The notebook covers the creation of sequences of tokens from words in a sentence.

In [1]:
from tensorflow.keras.preprocessing.text import Tokenizer

2023-08-23 08:38:09.729987: I tensorflow/tsl/cuda/cudart_stub.cc:28] Could not find cuda drivers on your machine, GPU will not be used.
2023-08-23 08:38:09.811772: I tensorflow/tsl/cuda/cudart_stub.cc:28] Could not find cuda drivers on your machine, GPU will not be used.
2023-08-23 08:38:09.813619: I tensorflow/core/platform/cpu_feature_guard.cc:182] This TensorFlow binary is optimized to use available CPU instructions in performance-critical operations.
To enable the following instructions: AVX2 AVX512F FMA, in other operations, rebuild TensorFlow with the appropriate compiler flags.

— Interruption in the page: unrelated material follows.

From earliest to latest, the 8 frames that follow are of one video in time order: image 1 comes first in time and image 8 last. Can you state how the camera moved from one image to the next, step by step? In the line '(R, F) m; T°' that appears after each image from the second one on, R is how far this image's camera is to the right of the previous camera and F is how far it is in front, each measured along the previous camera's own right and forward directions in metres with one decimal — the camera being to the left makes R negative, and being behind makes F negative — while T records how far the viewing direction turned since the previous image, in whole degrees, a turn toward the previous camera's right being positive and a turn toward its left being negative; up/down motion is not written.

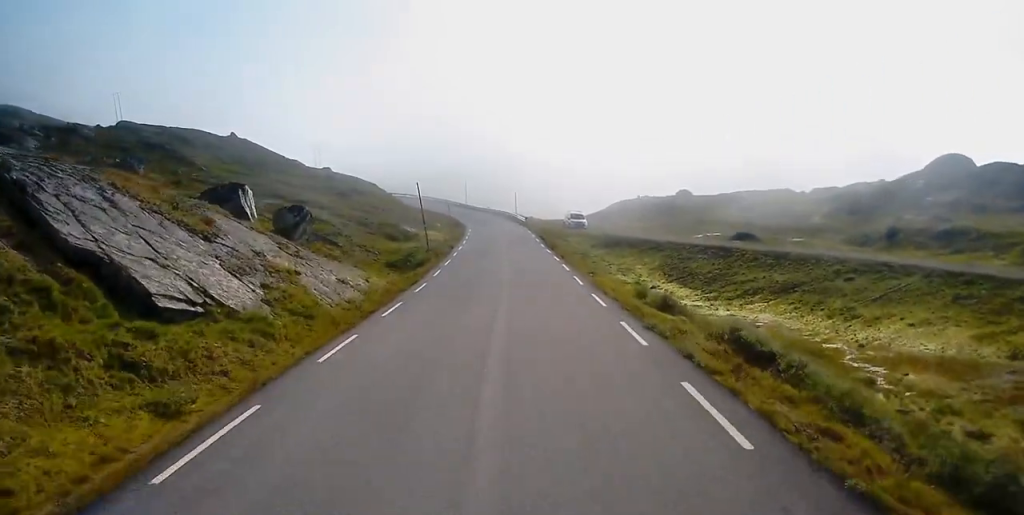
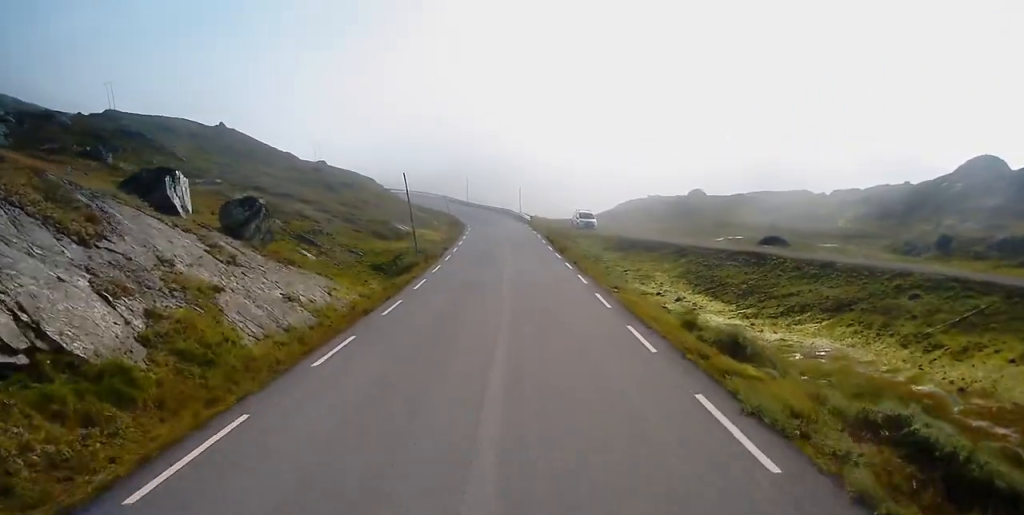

## Define training sentences in a list

In [2]:
##define list of sentences to tokenize
train_sentences = [
             'It is a sunny day',
             'It is a cloudy day',
             'Will it rain today?'

]

## Train the tokenizer

In [4]:
##set up the tokenizer
tokenizer = Tokenizer(num_words=100)

##train the tokenizer on training sentences
tokenizer.fit_on_texts(train_sentences)

##store word index for the words in the sentence
word_index = tokenizer.word_index

## Create sequences

In [7]:
##create sequences using tokenizer
sequences = tokenizer.texts_to_sequences(train_sentences)

In [8]:
##print word index dictionary and sequences
print(f"Word index -->{word_index}")
print(f"Sequences of words -->{sequences}")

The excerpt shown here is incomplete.